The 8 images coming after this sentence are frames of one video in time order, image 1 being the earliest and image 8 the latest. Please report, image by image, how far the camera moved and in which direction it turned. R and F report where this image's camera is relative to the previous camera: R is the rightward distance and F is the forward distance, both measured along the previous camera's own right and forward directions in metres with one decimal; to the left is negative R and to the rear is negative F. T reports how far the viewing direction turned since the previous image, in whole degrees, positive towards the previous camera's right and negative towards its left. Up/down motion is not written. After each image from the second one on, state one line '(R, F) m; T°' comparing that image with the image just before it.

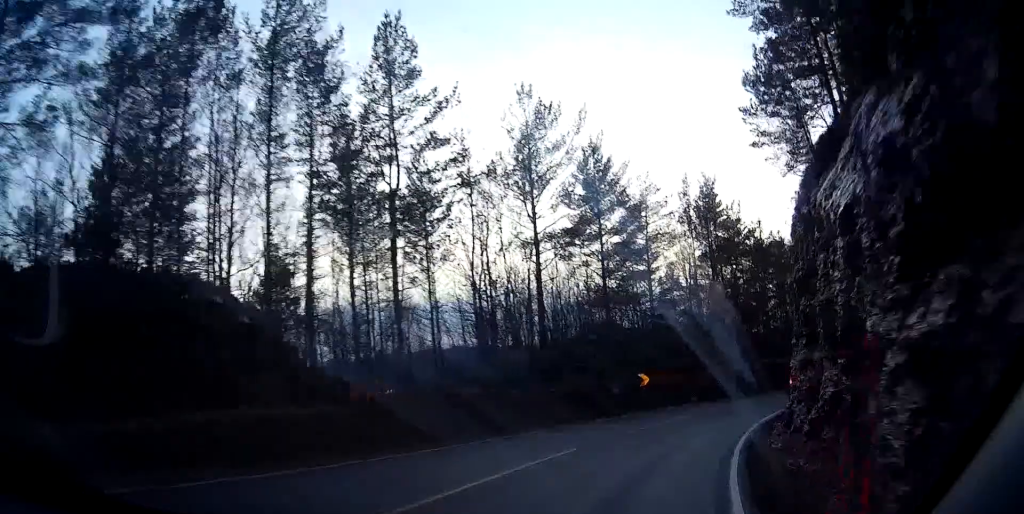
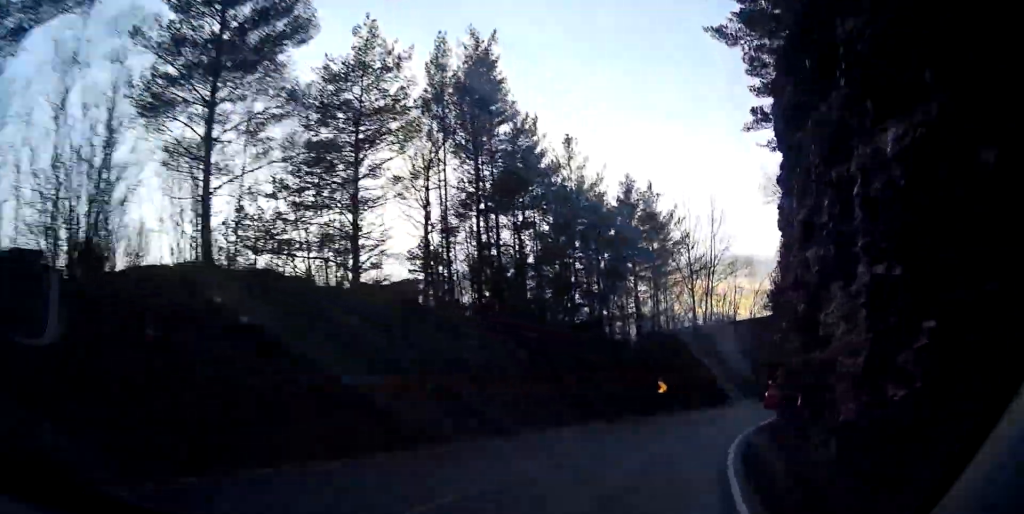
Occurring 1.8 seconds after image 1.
(+3.4, +24.2) m; +15°
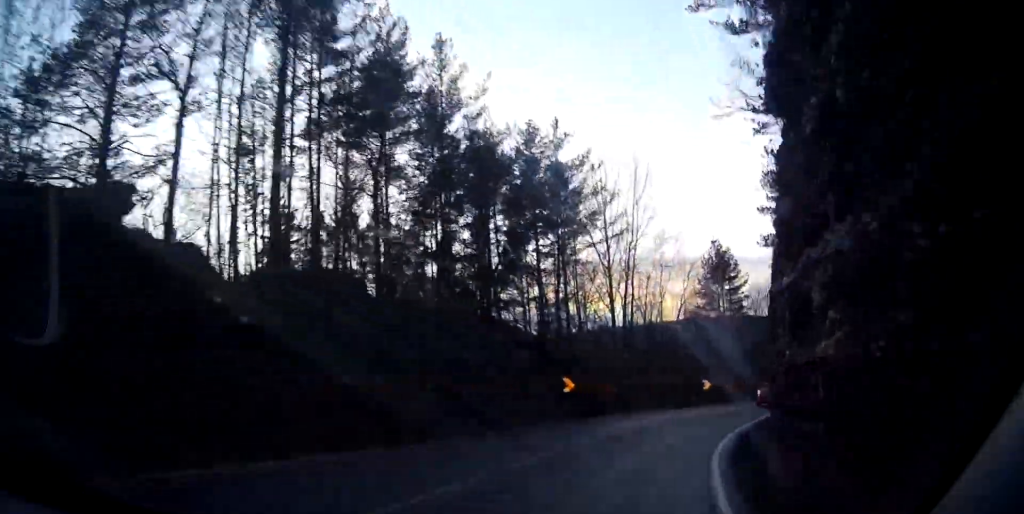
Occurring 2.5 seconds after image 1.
(+0.6, +10.8) m; +5°
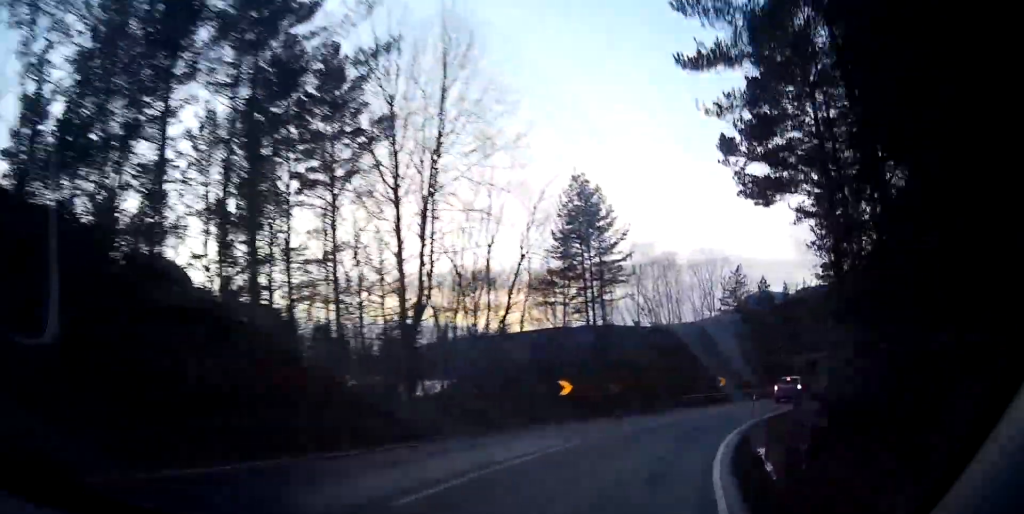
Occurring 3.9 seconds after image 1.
(+1.8, +20.2) m; +10°
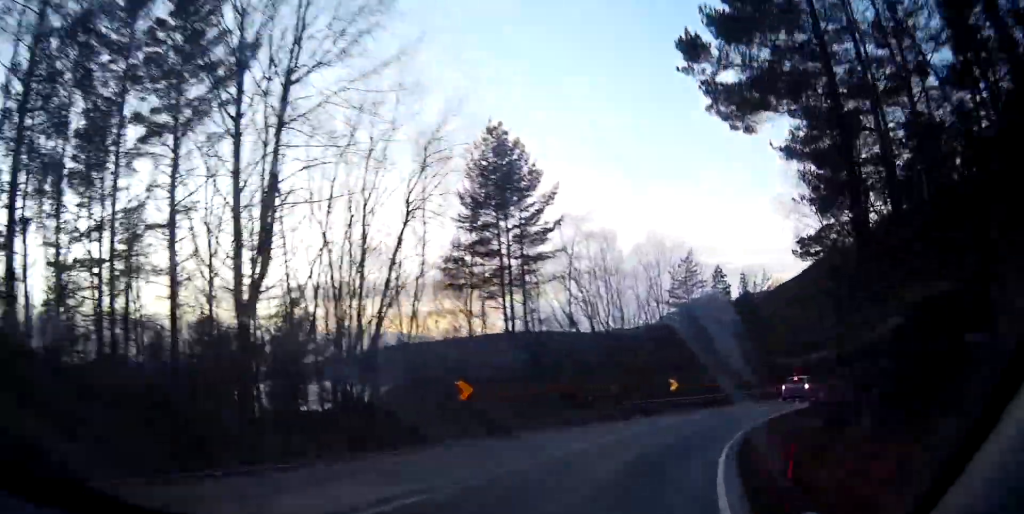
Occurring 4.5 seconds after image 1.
(+0.3, +8.3) m; +4°
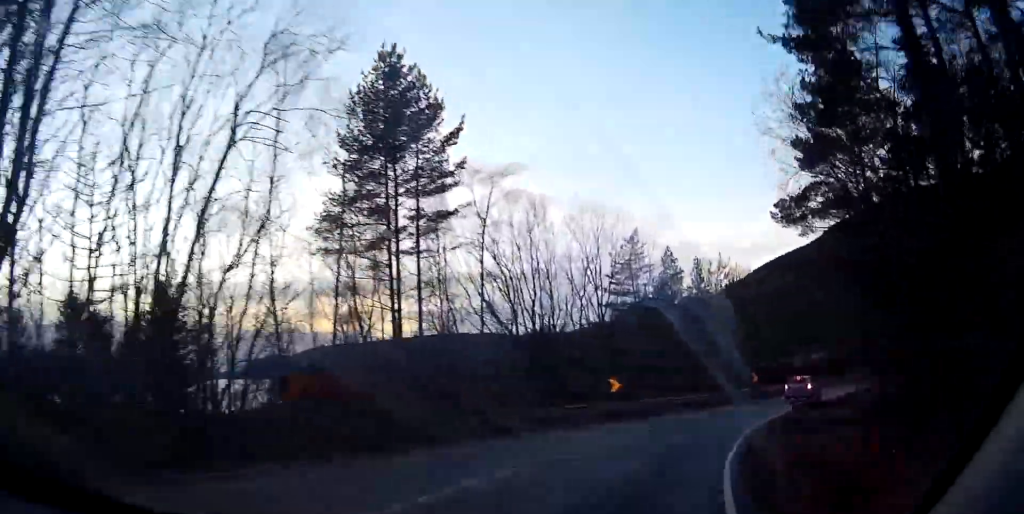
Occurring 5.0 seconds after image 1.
(-0.3, +7.8) m; +4°
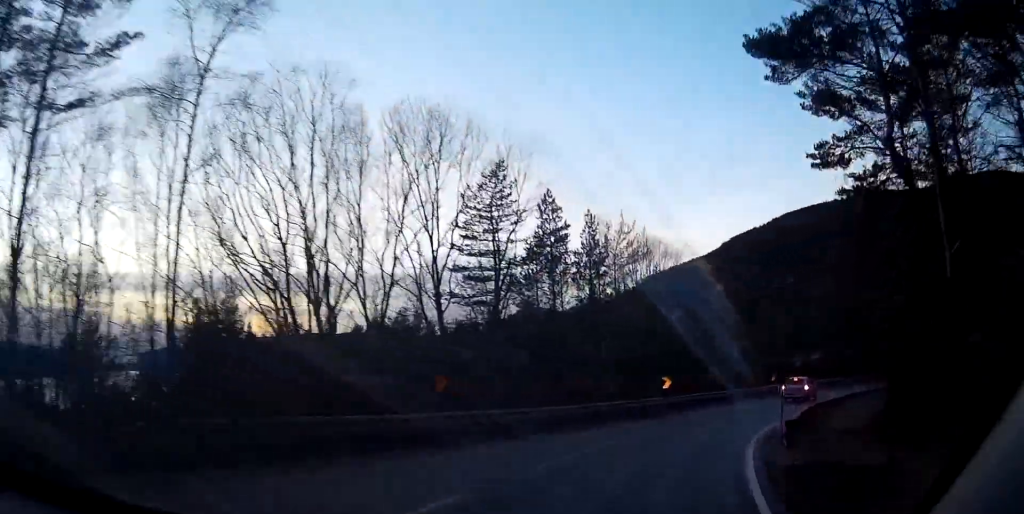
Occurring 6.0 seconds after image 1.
(+1.6, +14.1) m; +12°
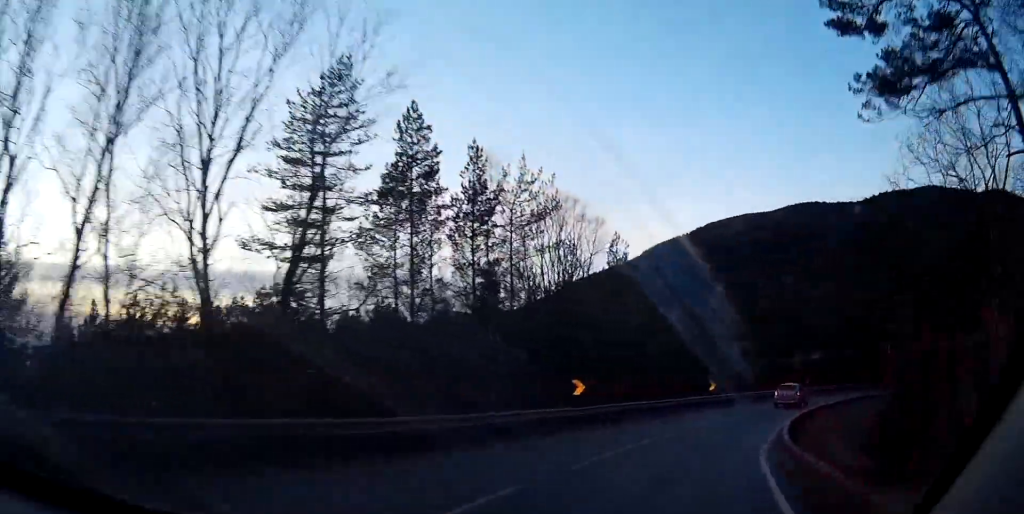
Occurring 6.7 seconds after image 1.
(+0.9, +10.5) m; +7°

# Exercise prompt:
Only an exact copy of the lines from the one with "Occurring 5.0 seconds after image 1." through the last line of the listing should be given; pictures must not be included.

# Finished task:
Occurring 5.0 seconds after image 1.
(-0.3, +7.8) m; +4°
Occurring 6.0 seconds after image 1.
(+1.6, +14.1) m; +12°
Occurring 6.7 seconds after image 1.
(+0.9, +10.5) m; +7°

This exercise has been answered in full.